The Art of Exploration · a diary of day trips, natural places, and miscellaneous adventures

Seven Twenty Eight and a Half

Friday, April 4th, 2003 in Illinois
Seven Twenty Eight and a Half

I look at these pictures and I think, why would I ever want to move from this place? But then reality sets in. I jot down a list of reasons I want to move. A stream of consciousness kind of thing. Here goes.

The back alley chaos, the nearby Nissan dealership, the wretched plumbing, the clanking radiators, the cold draft that whips under the kitchen door in wintertime, the smell of pot that seeps up through the floorboards every evening from the neighbors below, the myopic homeowners association, the fire in the condo above that forced me out of my home for three months, the smoke damage to my belongings, the late night echoes of the neighbor’s television that keep me from sleeping, the hideous parking arrangements, the old windows, the thick gooey layers of paint on the trim work, the gradual decay of the neighborhood, the insanity at the local grocery stores, the traffic on Dempster Street.

The list is long and I get tired writing it all down, I give up. The important thing to realize is that yes: I am really really READY TO MOVE.

The view from outside the front door …
and the view from inside the front door …

So I take pictures of the various angles of my condo. There are few rooms but many angles from which to view them. The pictures I include here make the place look more vast than it really is. In reality, it is surprisingly small—cozy I used to say. Lately, it just feels stifling. There you go, I wasn’t looking but there’s another reason to move.

One thing I will say is that the rehabbed kitchen really lifts this little place. When I bought it, one of the things the seller stressed was that the kitchen had been redone and was designed by a firm called de Giulio Kitchen Design. Whatever. I didn’t really care if Coco Chanel or Louis Vuitton or Bob the Builder designed it. But after living in this condo for these five years, I realize the kitchen is very thoughtfully designed. It’s interesting to look at from every angle. And although it’s only a tiny galley, it has always been comfortable to work in.
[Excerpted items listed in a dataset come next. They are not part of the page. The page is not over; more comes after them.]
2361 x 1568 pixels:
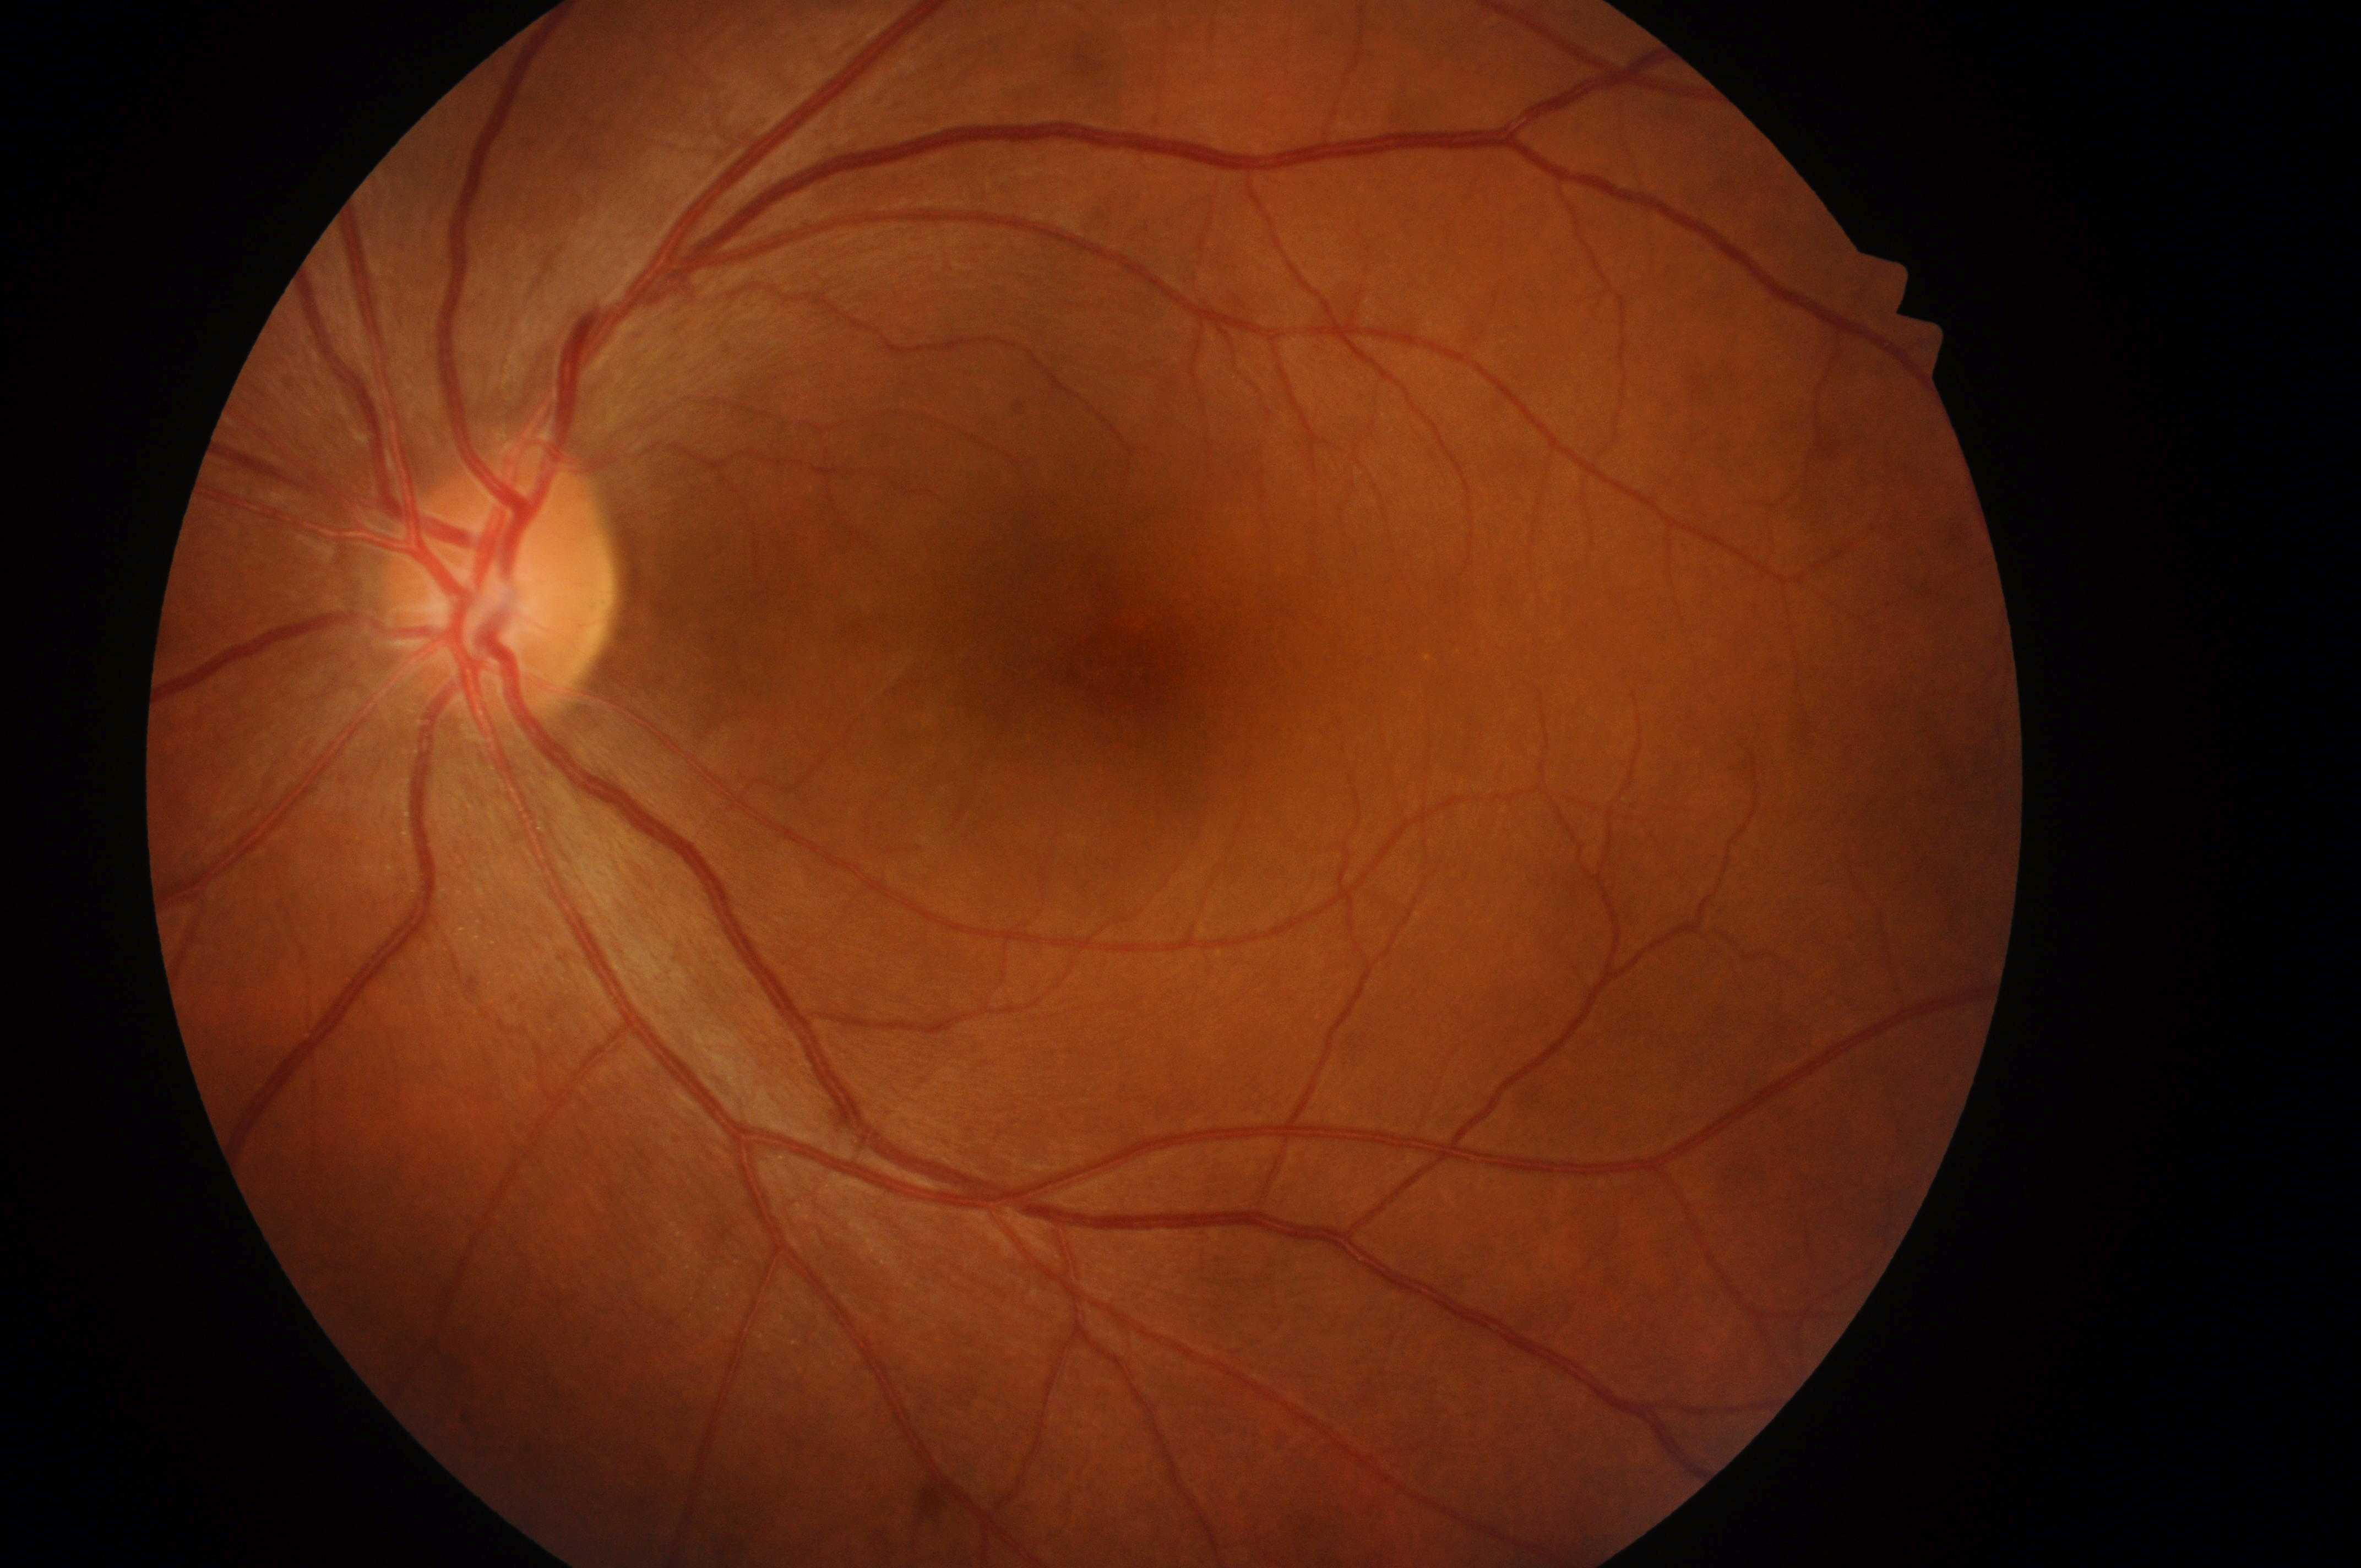
{
  "dr_grade": "0 (no apparent retinopathy)",
  "eye": "the left eye",
  "fovea": "1132px, 670px",
  "optic_disc": "491px, 600px",
  "dme_grade": "no risk (grade 0)"
}

I have never had any quarrels with the kitchen and I suspect I will sorely miss it.

The breakfast bar.

There is only one bathroom in the condo, which can sometimes pose its challenges for easily imaginable reasons. Though compact in nature, the bathroom is abundantly cute and entirely usable. I have always loved the Chicago tiles on the floor and the fact that it has a window. Too many bathrooms these days are damp interior rooms that rely on artificial light. This one is bright, cheerful, and naturally lit (at least during the day). I also replaced the sink and toilet which were looking a bit tired when I moved in. This refreshened the room just enough to make it feel all new, all mine.

The kitchen …
and the bathroom …

The one room that I always struggle with is the dining room. It’s pretty much just the room that you walk through to get to other more important places: the kitchen, living room, bedroom, or bathroom. The dining room never served a purpose of its own until I started working from home, at which time I converted every scrap of it’s square footage into my home office. It hasn’t been a great office—I’ve never figured out where the table was best situated and the bright windows always caused a glare no matter where I positioned my monitor. After years of trying to make this room function in some way, I’m convinced it’s just a very wide and generously windowed hallway.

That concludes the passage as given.